TASK PROMPT:
Each line below needs to be returned exactly. Skip any picture.

Dataset excerpts:
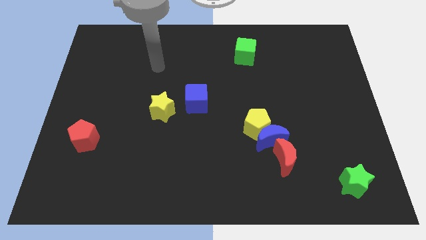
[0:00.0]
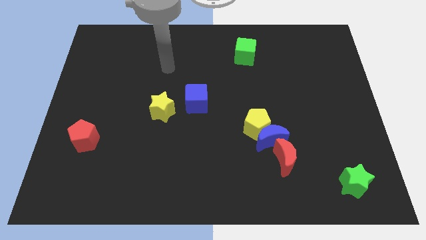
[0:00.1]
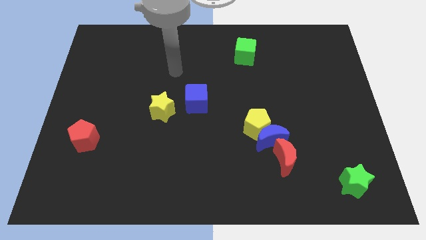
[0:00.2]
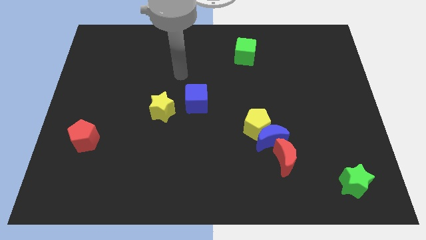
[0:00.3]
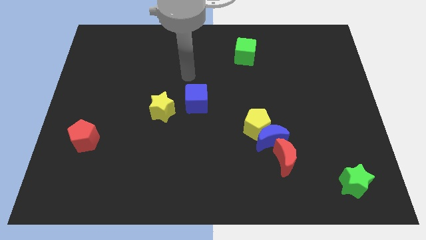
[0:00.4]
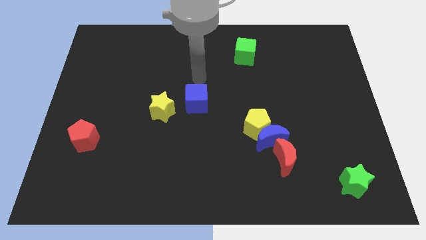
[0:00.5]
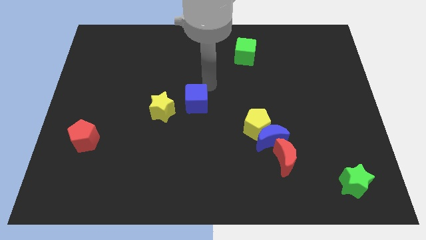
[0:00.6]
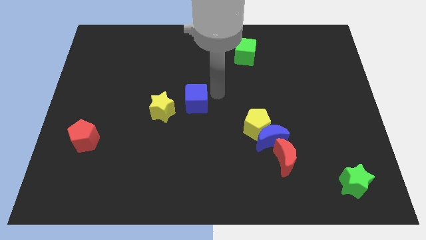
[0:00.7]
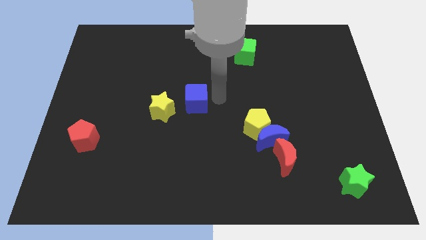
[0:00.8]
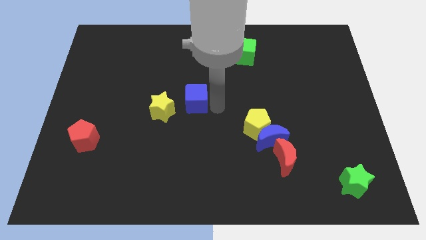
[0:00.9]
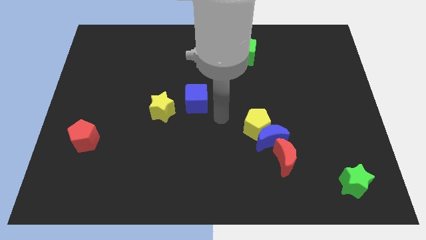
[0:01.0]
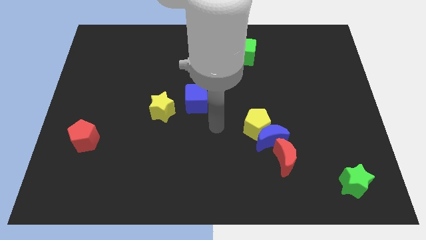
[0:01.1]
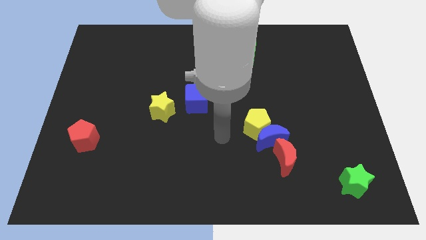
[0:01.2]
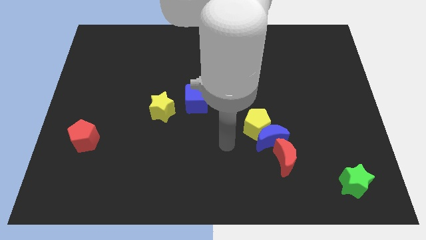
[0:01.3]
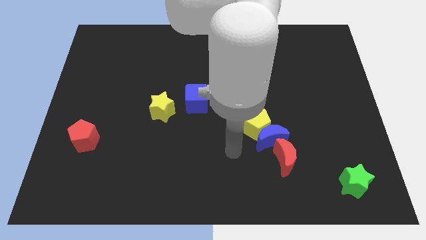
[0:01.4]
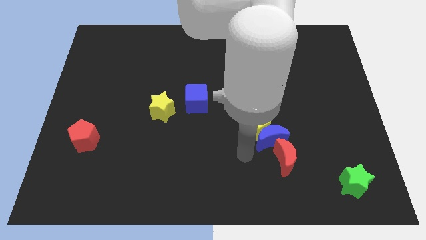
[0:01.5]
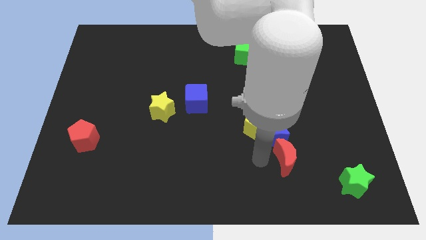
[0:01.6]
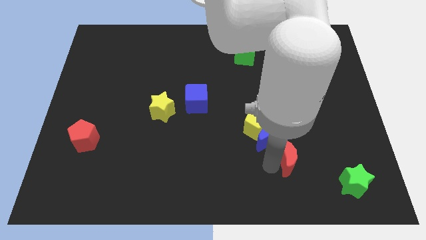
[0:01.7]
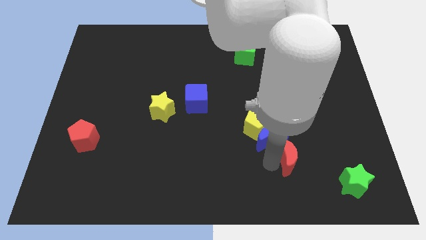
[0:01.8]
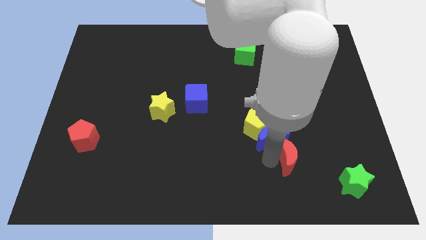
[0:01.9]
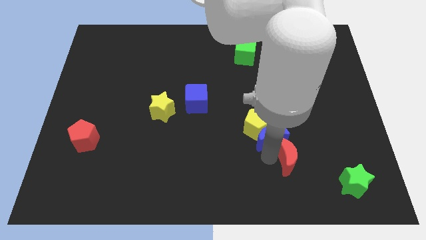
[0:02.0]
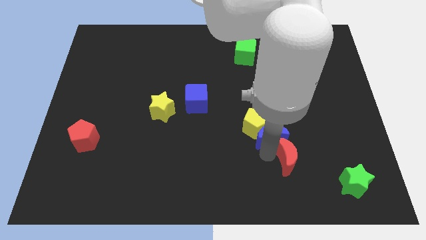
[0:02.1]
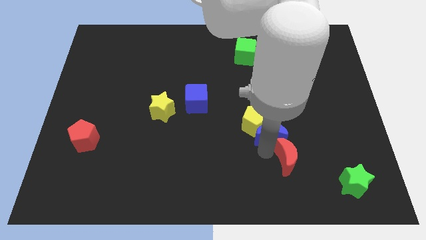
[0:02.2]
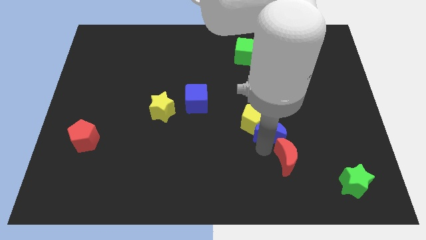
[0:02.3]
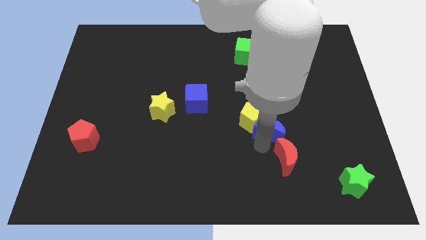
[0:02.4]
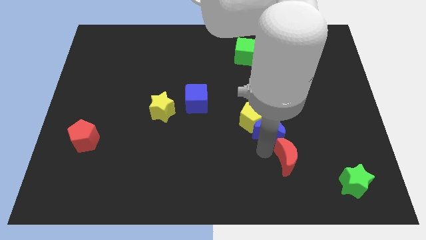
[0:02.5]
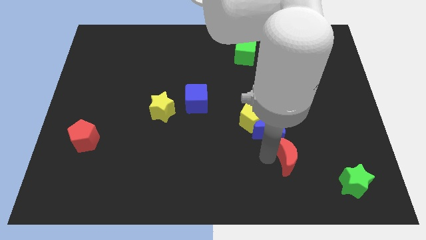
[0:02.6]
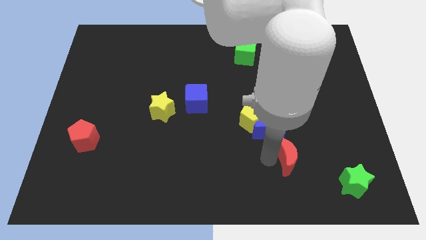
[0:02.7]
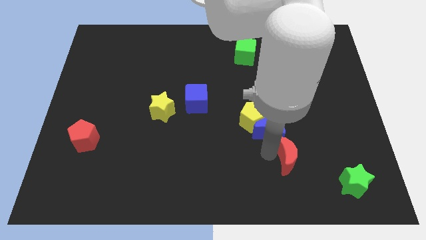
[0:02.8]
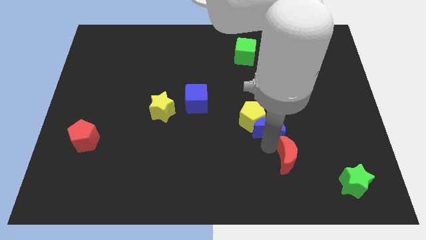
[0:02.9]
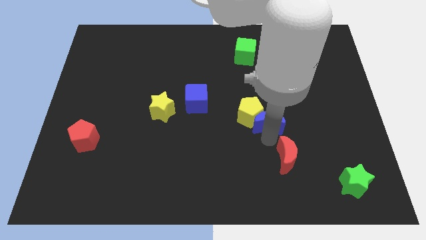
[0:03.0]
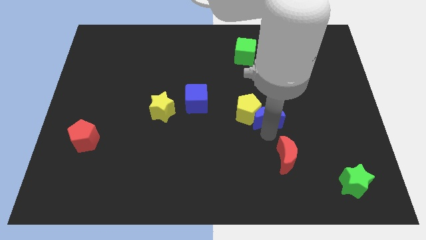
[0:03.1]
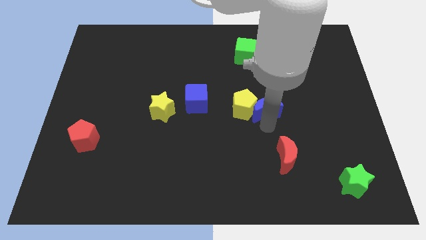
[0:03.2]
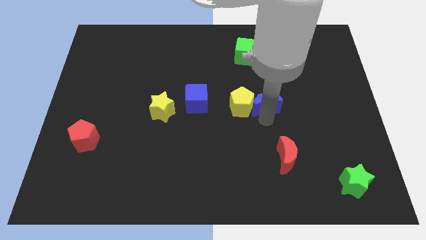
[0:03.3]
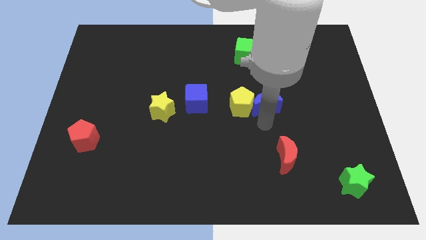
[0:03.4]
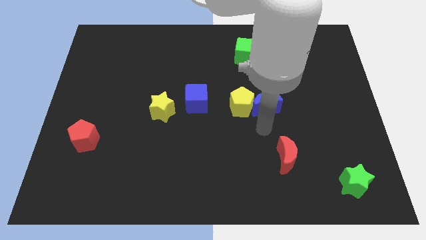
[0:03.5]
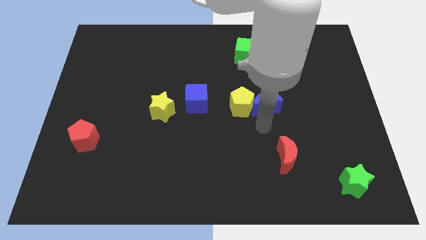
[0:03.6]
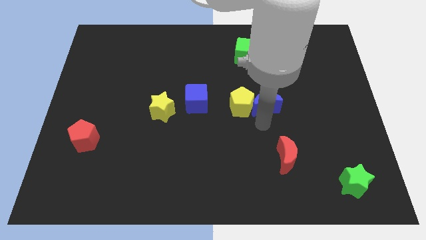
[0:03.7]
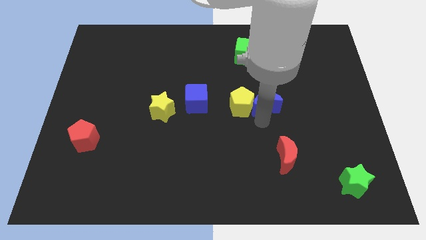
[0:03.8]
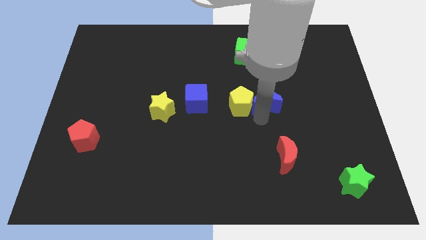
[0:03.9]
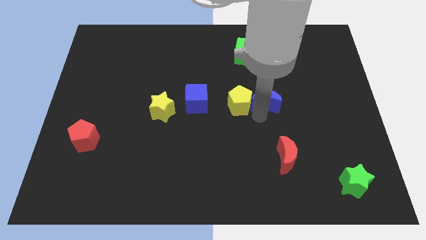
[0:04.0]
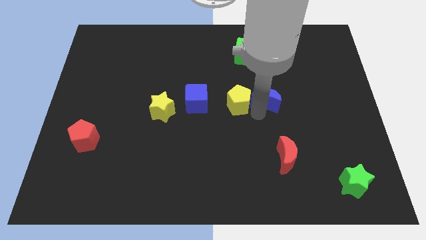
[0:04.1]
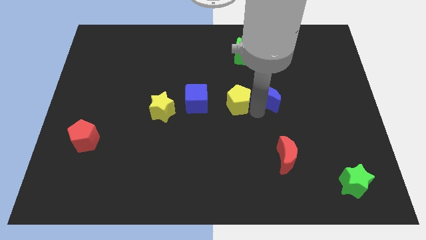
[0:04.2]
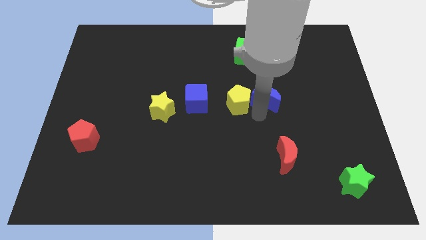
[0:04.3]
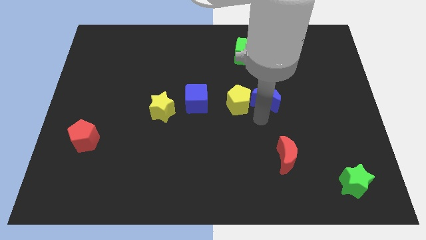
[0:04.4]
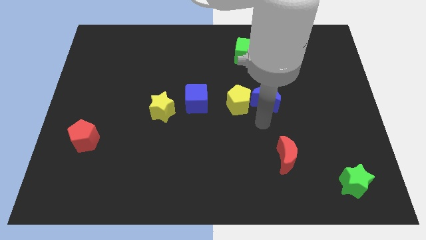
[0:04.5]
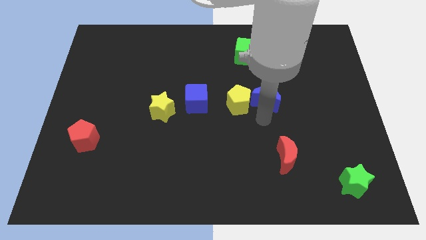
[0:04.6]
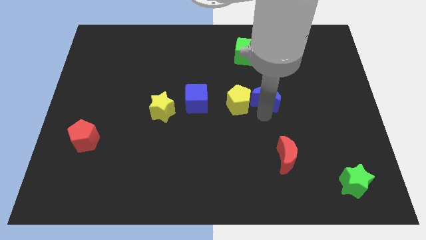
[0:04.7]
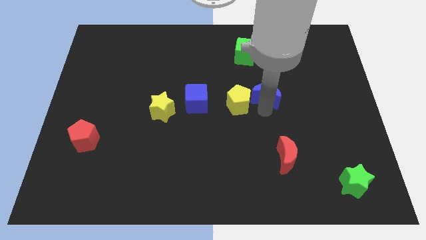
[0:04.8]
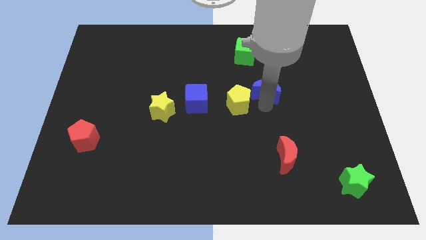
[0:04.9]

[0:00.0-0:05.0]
move the blue moon away from the yellow pentagon and red moon

RESULT OF THIS EXERCISE:
[0:00.0]
[0:00.1]
[0:00.2]
[0:00.3]
[0:00.4]
[0:00.5]
[0:00.6]
[0:00.7]
[0:00.8]
[0:00.9]
[0:01.0]
[0:01.1]
[0:01.2]
[0:01.3]
[0:01.4]
[0:01.5]
[0:01.6]
[0:01.7]
[0:01.8]
[0:01.9]
[0:02.0]
[0:02.1]
[0:02.2]
[0:02.3]
[0:02.4]
[0:02.5]
[0:02.6]
[0:02.7]
[0:02.8]
[0:02.9]
[0:03.0]
[0:03.1]
[0:03.2]
[0:03.3]
[0:03.4]
[0:03.5]
[0:03.6]
[0:03.7]
[0:03.8]
[0:03.9]
[0:04.0]
[0:04.1]
[0:04.2]
[0:04.3]
[0:04.4]
[0:04.5]
[0:04.6]
[0:04.7]
[0:04.8]
[0:04.9]

[0:00.0-0:05.0]
move the blue moon away from the yellow pentagon and red moon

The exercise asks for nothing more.